# AIM OF THE TASK:
From the line containing "share of the ground: 50 - 75 %" to the last line of the records, please reproduce every line exactly and nothing more.

Stored entries:

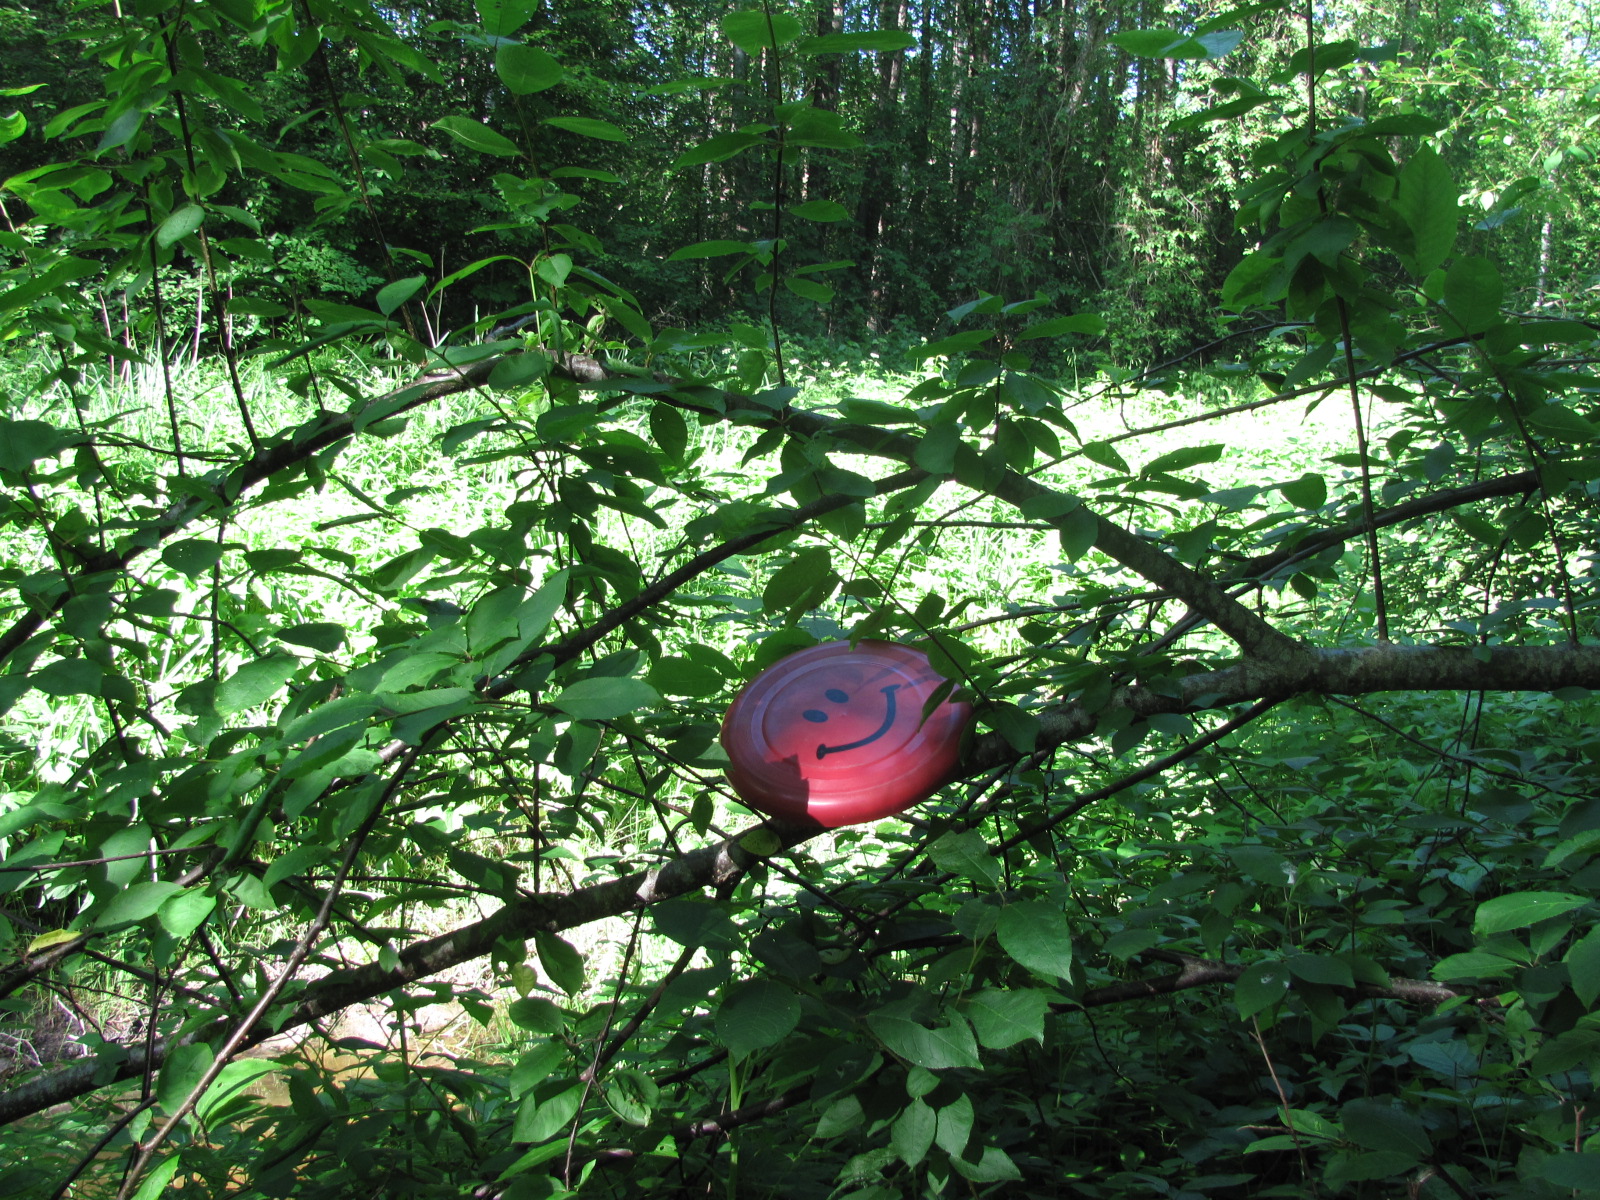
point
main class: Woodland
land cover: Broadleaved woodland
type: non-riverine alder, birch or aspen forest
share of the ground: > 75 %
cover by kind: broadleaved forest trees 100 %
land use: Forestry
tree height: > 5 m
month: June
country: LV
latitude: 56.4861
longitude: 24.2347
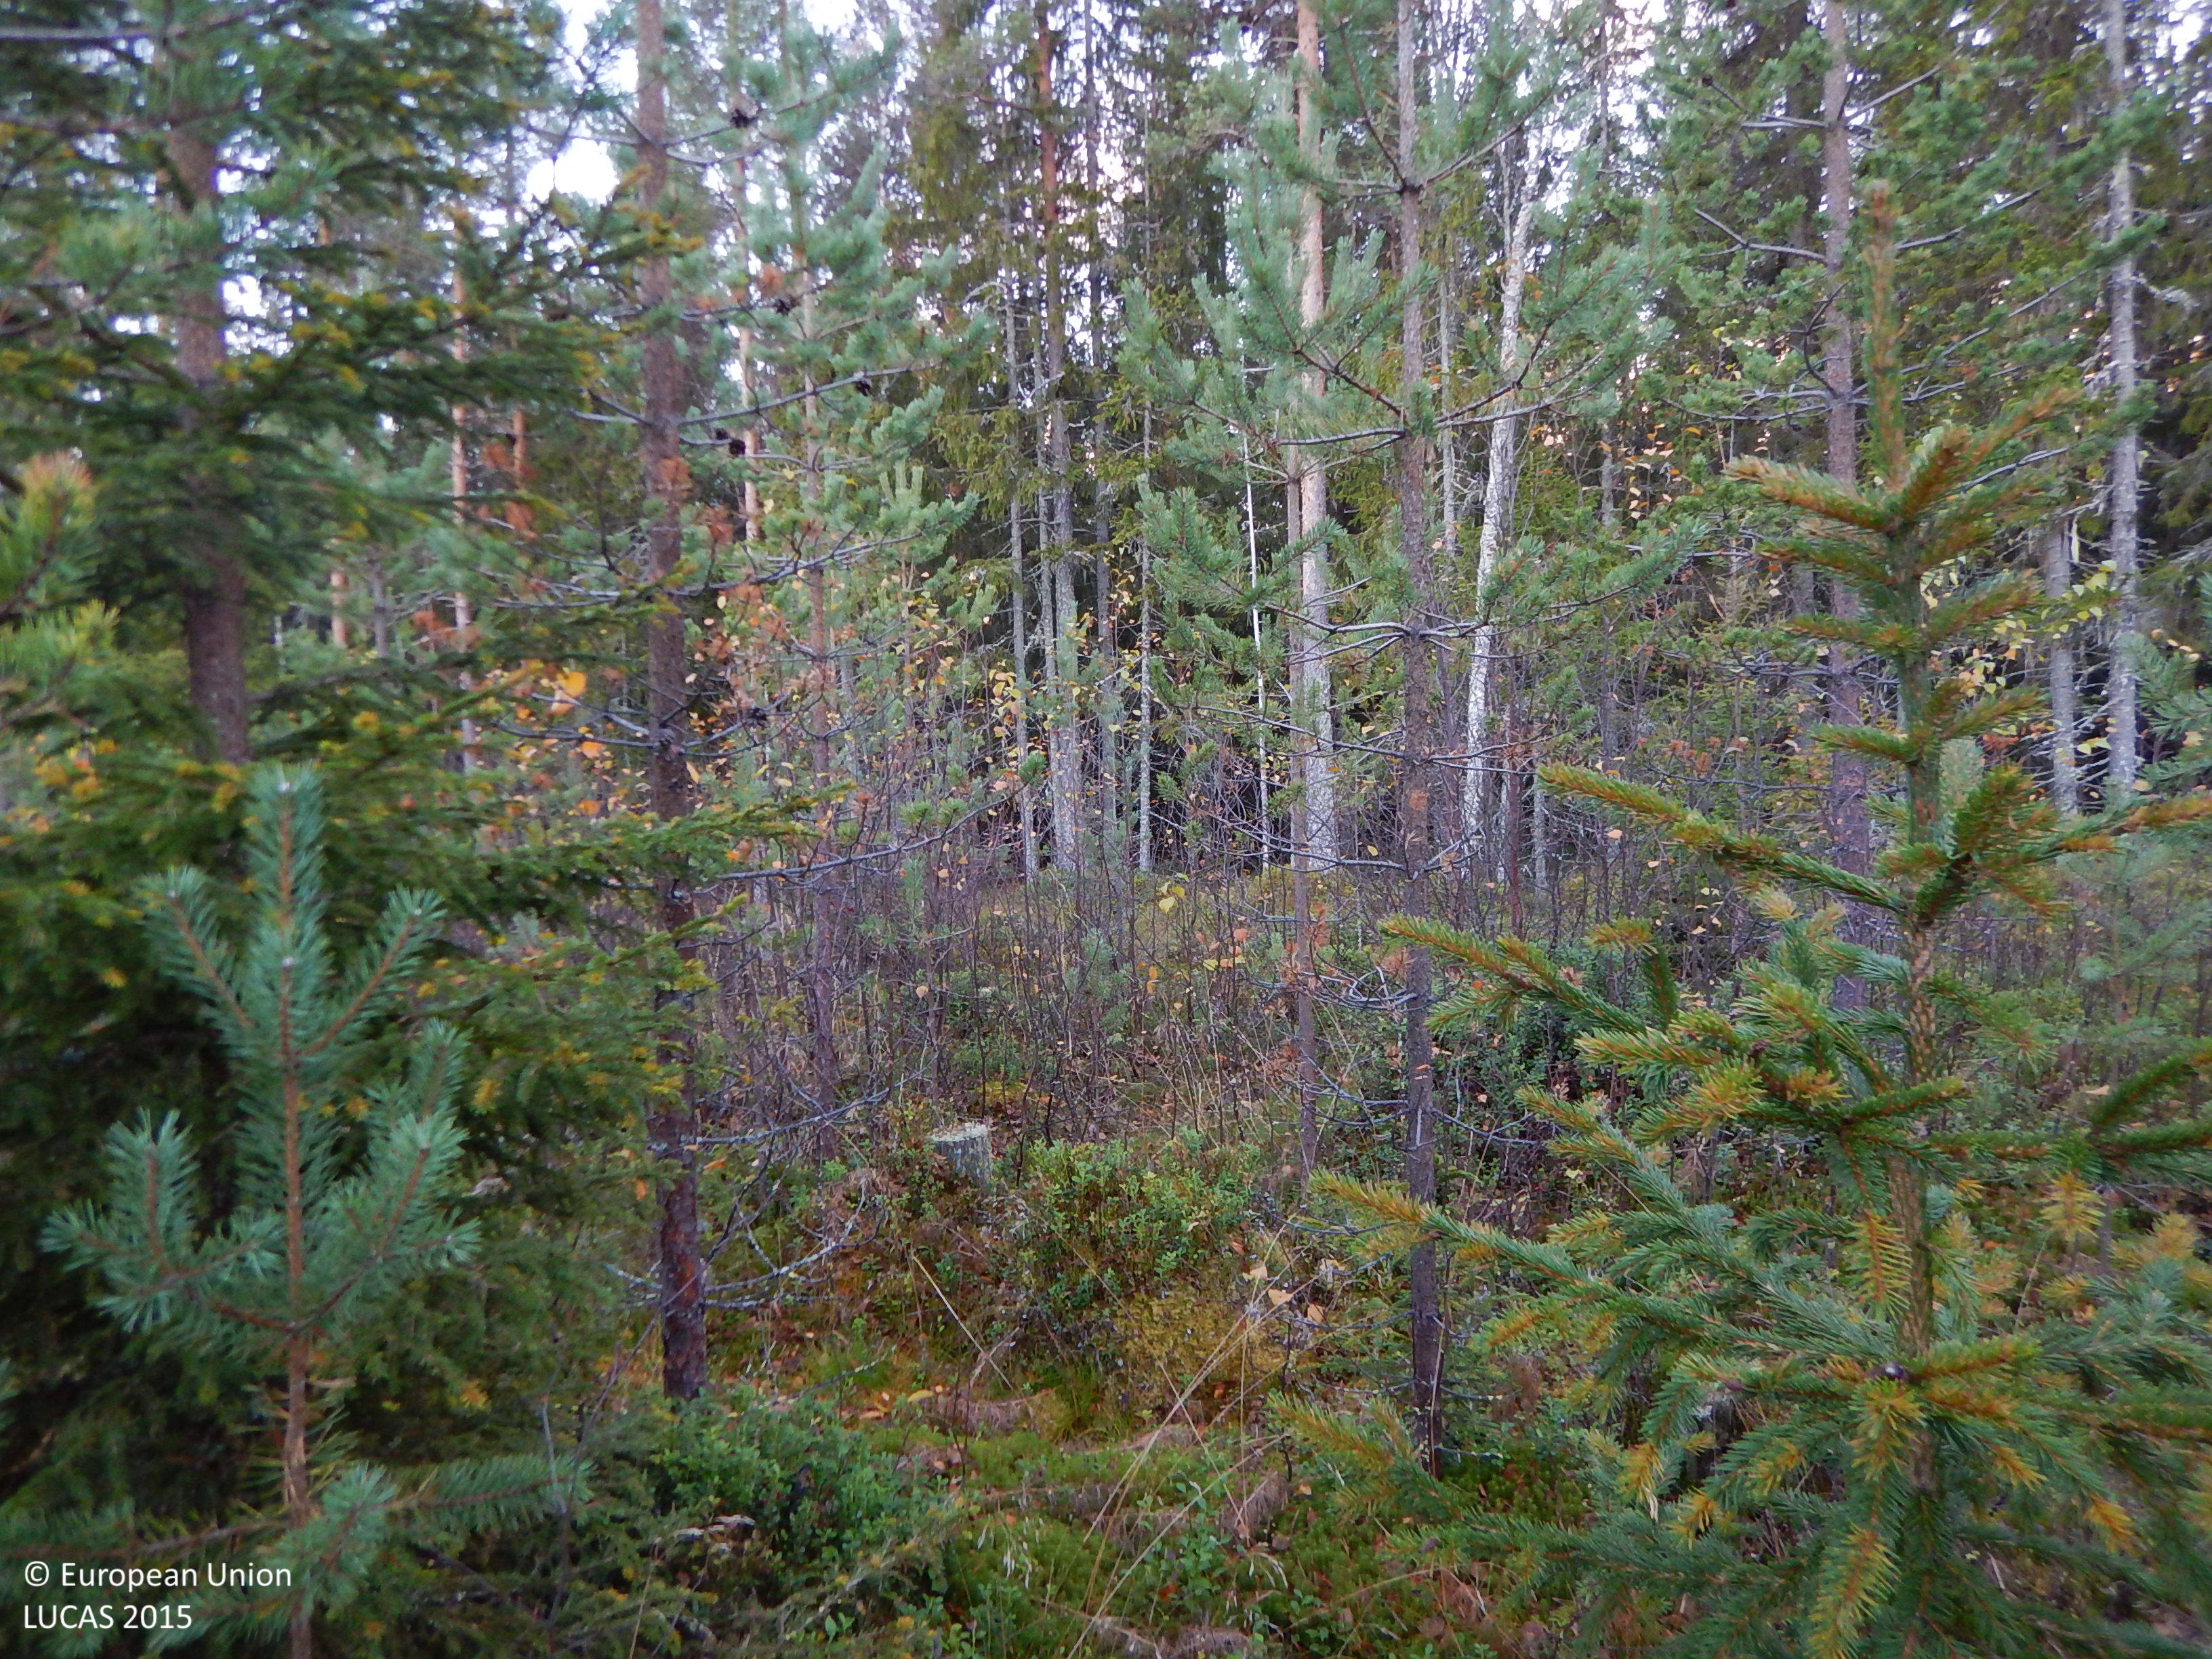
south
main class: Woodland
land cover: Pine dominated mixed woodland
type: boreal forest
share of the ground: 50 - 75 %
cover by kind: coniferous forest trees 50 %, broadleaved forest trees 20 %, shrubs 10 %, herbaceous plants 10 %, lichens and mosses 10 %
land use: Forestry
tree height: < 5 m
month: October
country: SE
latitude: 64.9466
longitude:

# OUTPUT FOR THIS TASK:
share of the ground: 50 - 75 %
cover by kind: coniferous forest trees 50 %, broadleaved forest trees 20 %, shrubs 10 %, herbaceous plants 10 %, lichens and mosses 10 %
land use: Forestry
tree height: < 5 m
month: October
country: SE
latitude: 64.9466
longitude:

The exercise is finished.